Why did you decide to share your story?
I’m not afraid to talk about it.  I feel like I understand myself, my partners, and relationships much better than anyone stigmatising this lifestyle.  I suspect most stigma comes from misunderstanding or fear before it comes from hatred or anger.

Why do you want to challenge the stigma surrounding poly relationships?
There’s a lot less stigma than people expect.  These are my interpersonal relationships, no one has a right to take issues with my personal life unless they are involved.  I would like people to be happy for me the same way I am happy for them to have their own relationships.

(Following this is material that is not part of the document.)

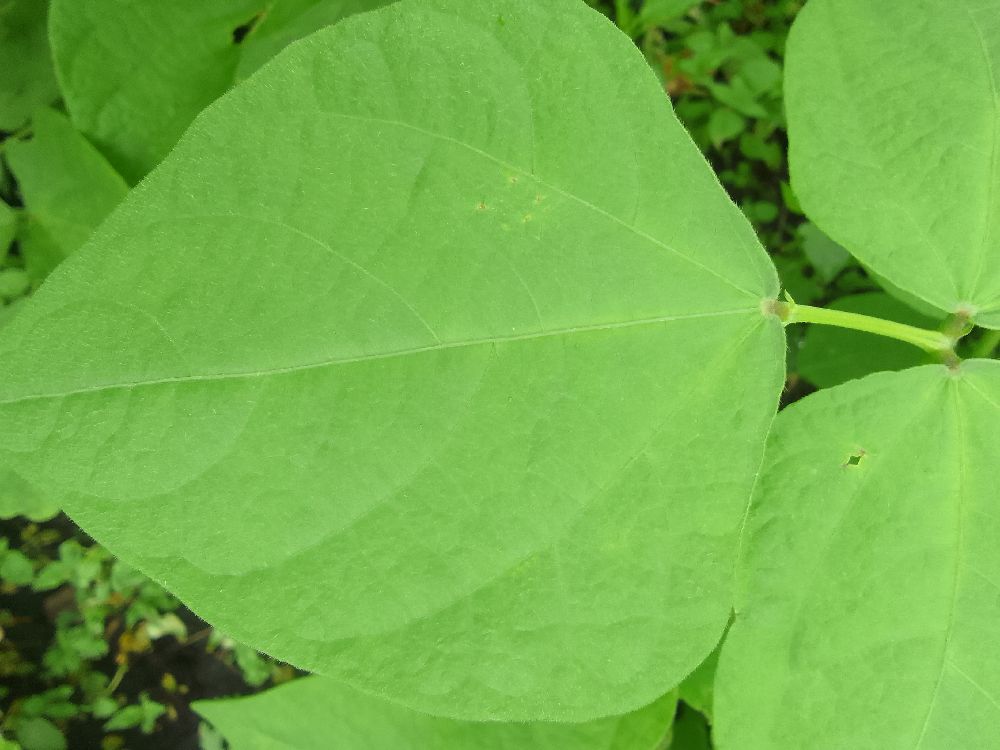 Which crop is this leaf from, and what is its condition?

common bean, healthy

Anything else you’d like to add?
I want people to think about the way they have relationships right now and be curious about how the defaults shape our lives.  If the poly community can teach the world anything it's going to be communication. Not just "we talk". But so much more. If you've ever thought, "I could never say that, my partner would be so upset", that means there's something very right and very wrong with your relationship.  

Very right because you care so deeply about your partner that you are willing to sacrifice your own emotional validation for what you guess is their emotional candor.  Very wrong in that it's a guess, and you didn't even give that person the right as an autonomousagenty adult to correct your guess. Who knows, maybe both of you are poly inclined but don't know how to talk about it.  And wouldn't that be sad. People trapped in assumptions for the rest of their lives.

If you can't talk about topics with your partner, that means either you are not feeling safe enough to talk about it, or you can't find the words.  Either way you can work on those. Try this. Ask each other, "what can't we talk about?". And see how many answers you can come up with.